> _PROBLEM REQUIREMENTS_
Collect from the data below each line with "apparent".

> _INPUT MATERIAL_
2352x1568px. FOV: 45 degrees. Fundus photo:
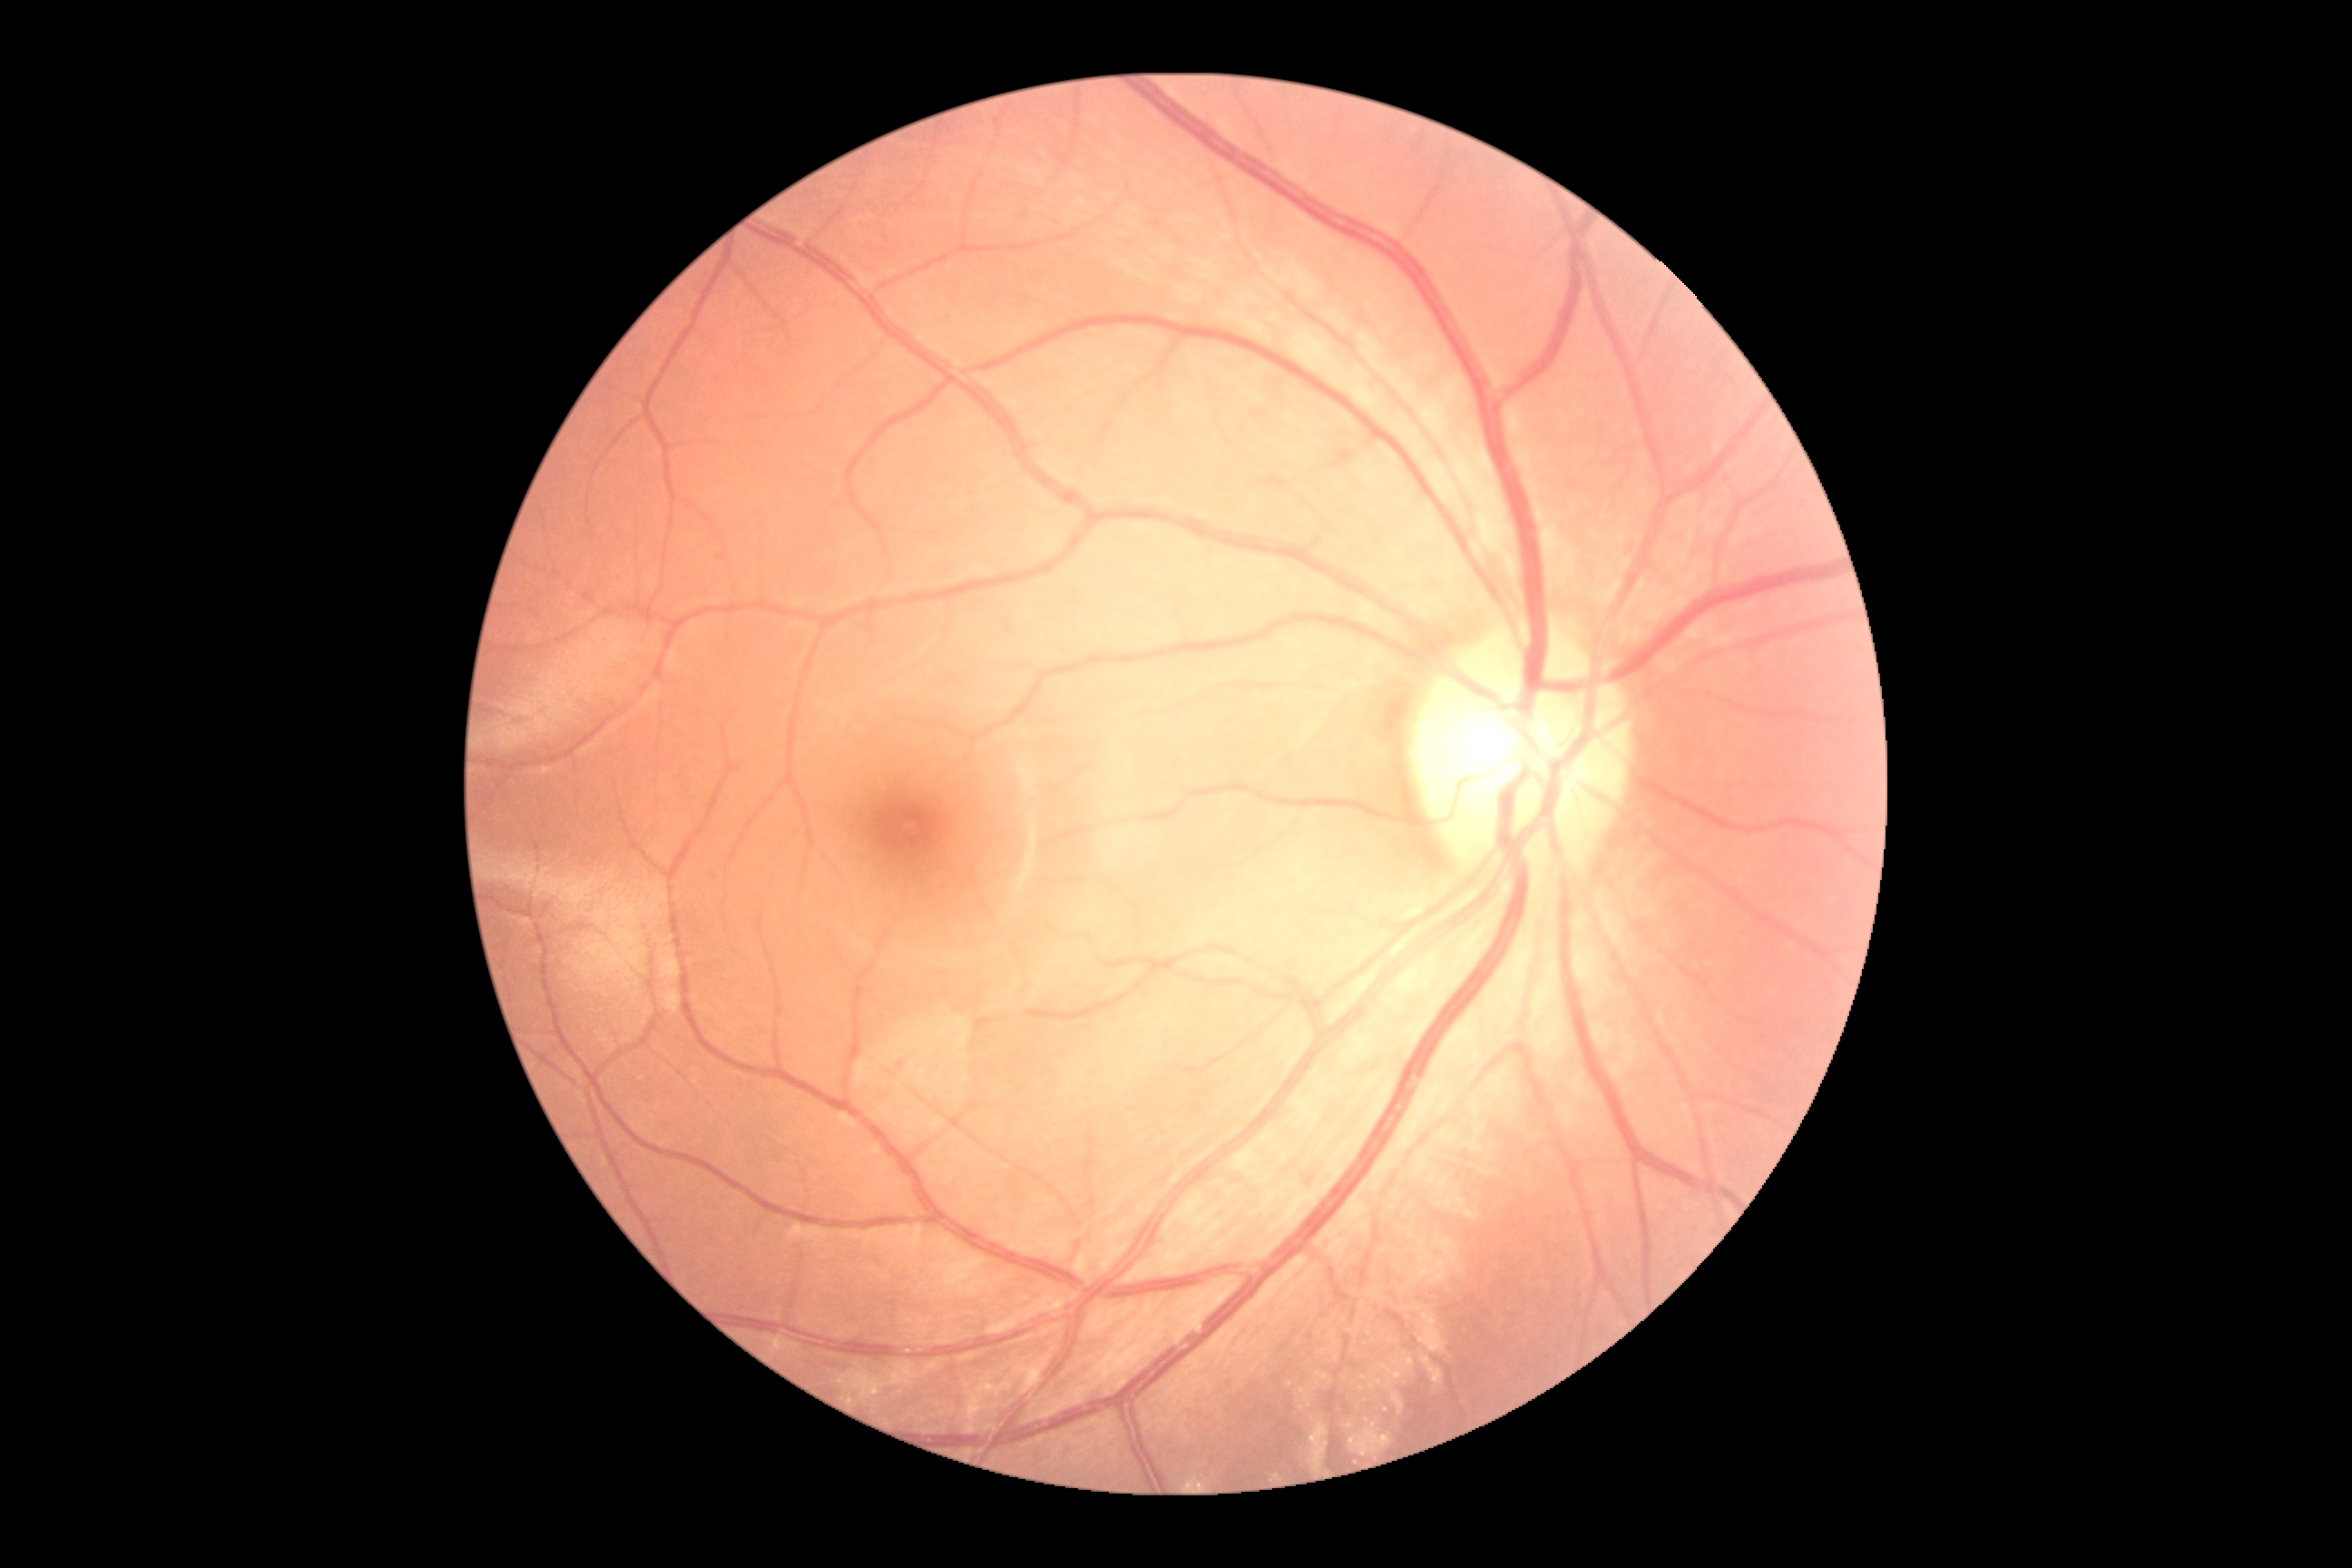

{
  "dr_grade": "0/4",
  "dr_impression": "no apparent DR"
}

...

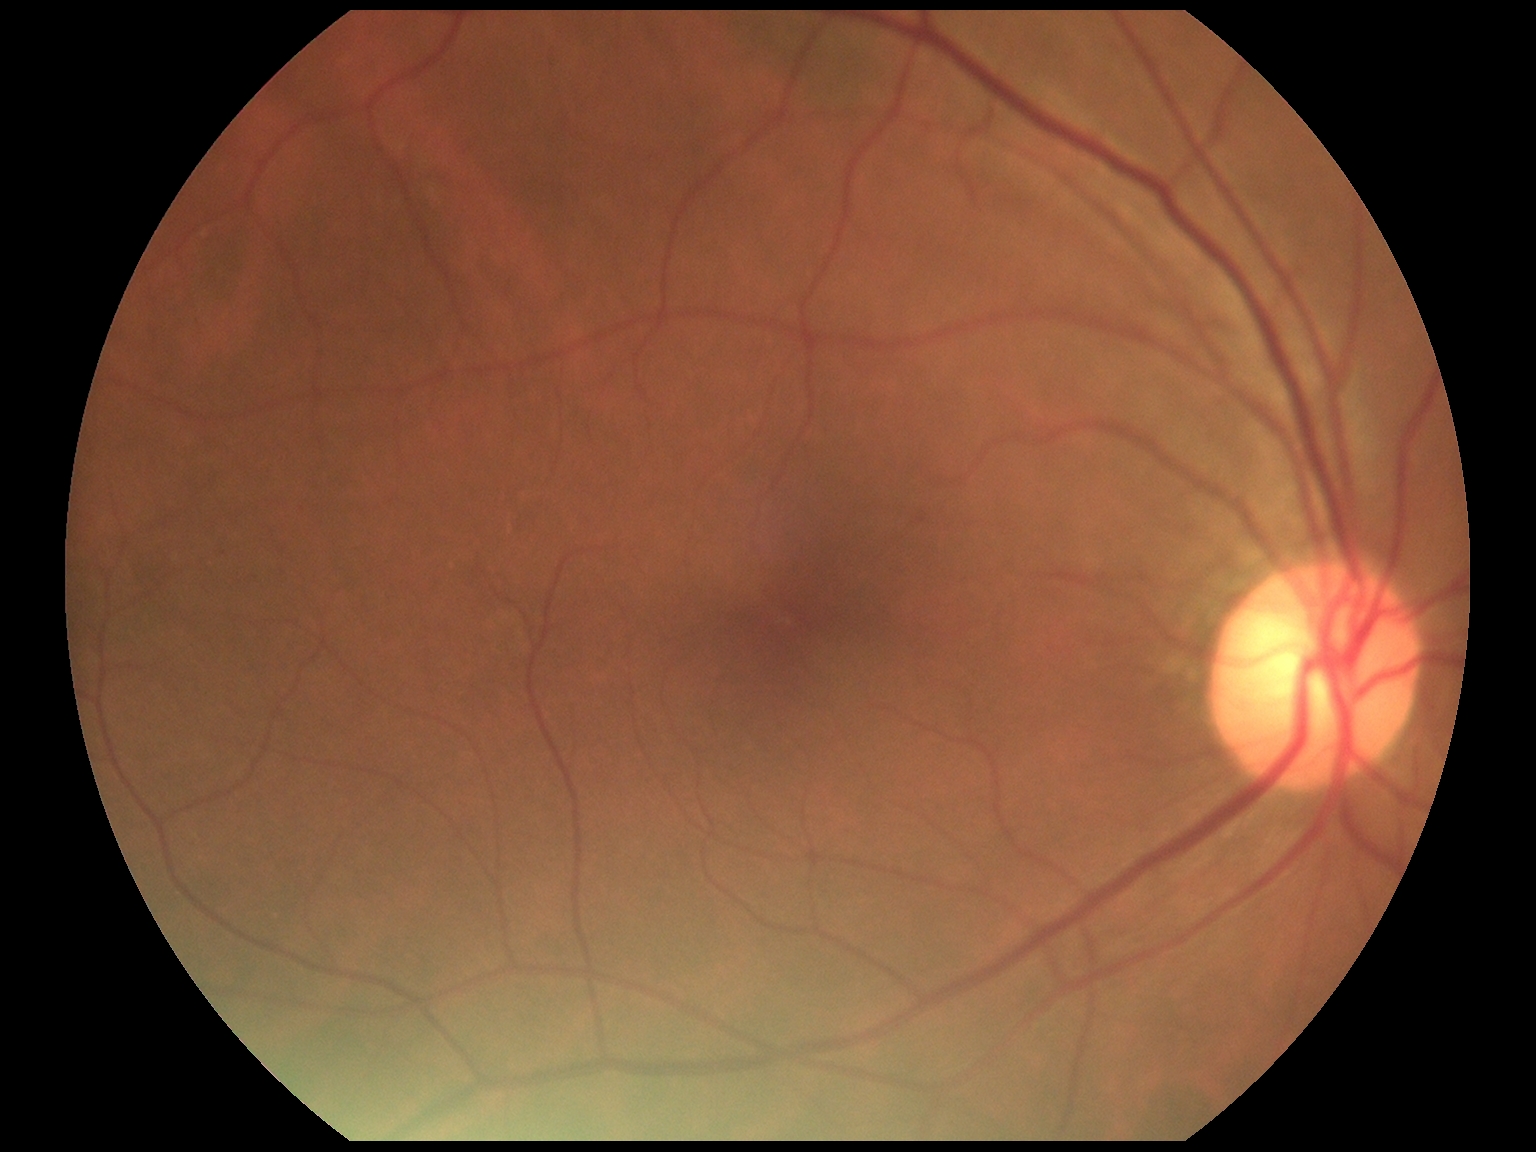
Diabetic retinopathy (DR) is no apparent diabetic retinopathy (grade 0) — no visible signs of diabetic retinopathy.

--

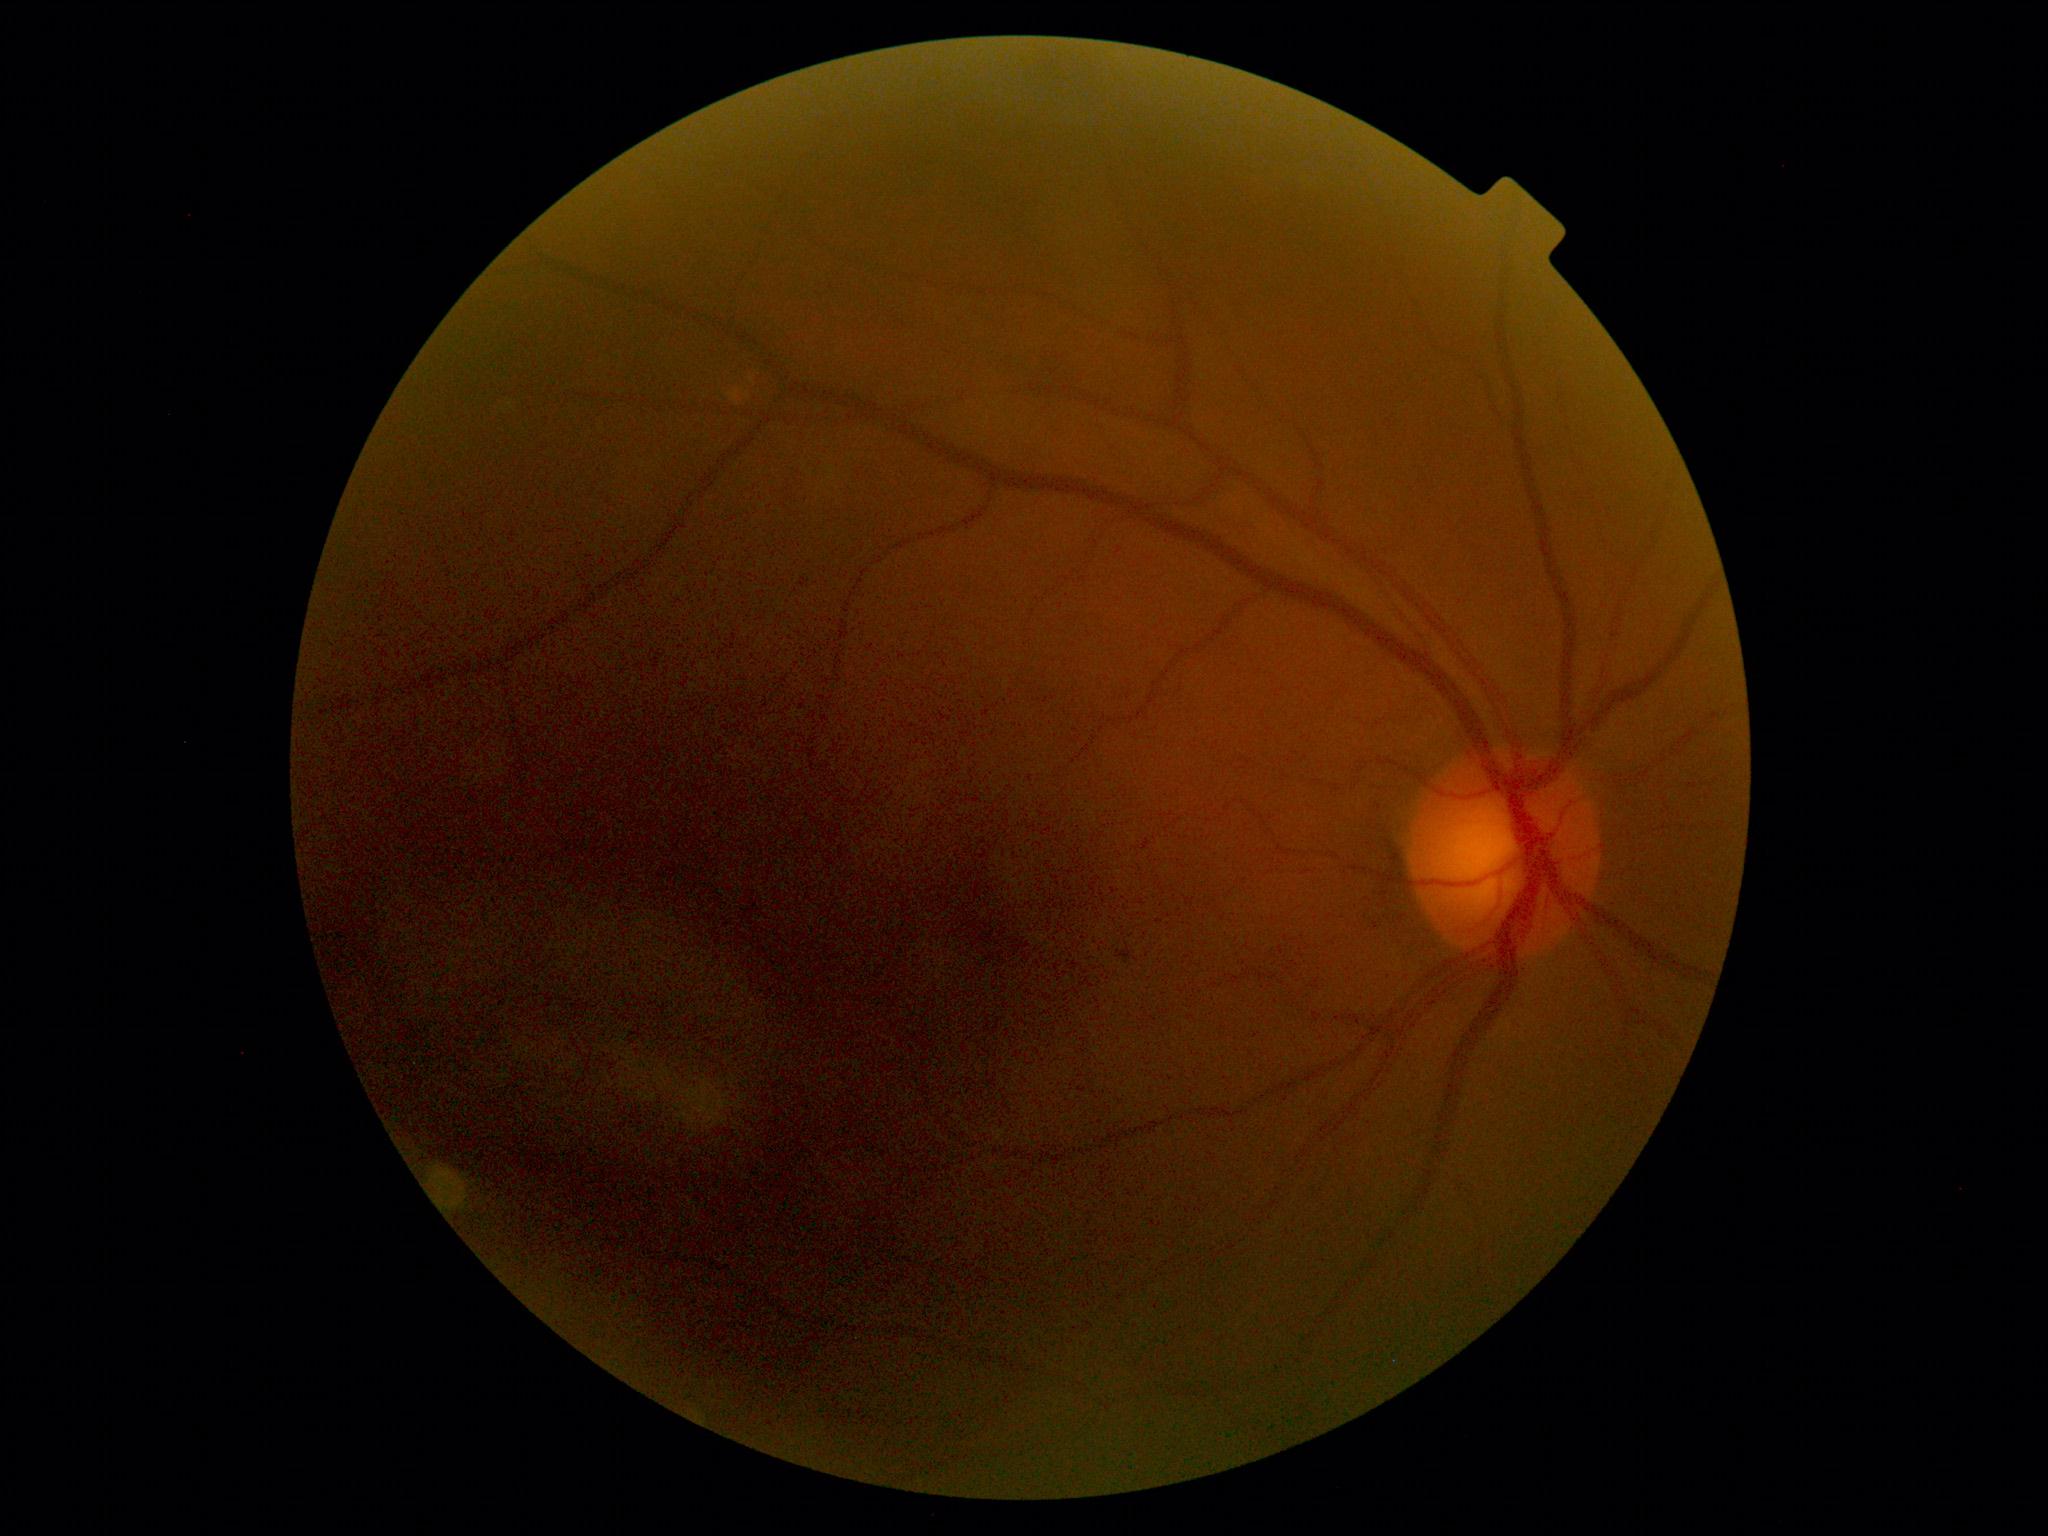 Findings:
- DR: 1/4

> _RESPONSE BOX_
  "dr_impression": "no apparent DR"
Diabetic retinopathy (DR) is no apparent diabetic retinopathy (grade 0) — no visible signs of diabetic retinopathy.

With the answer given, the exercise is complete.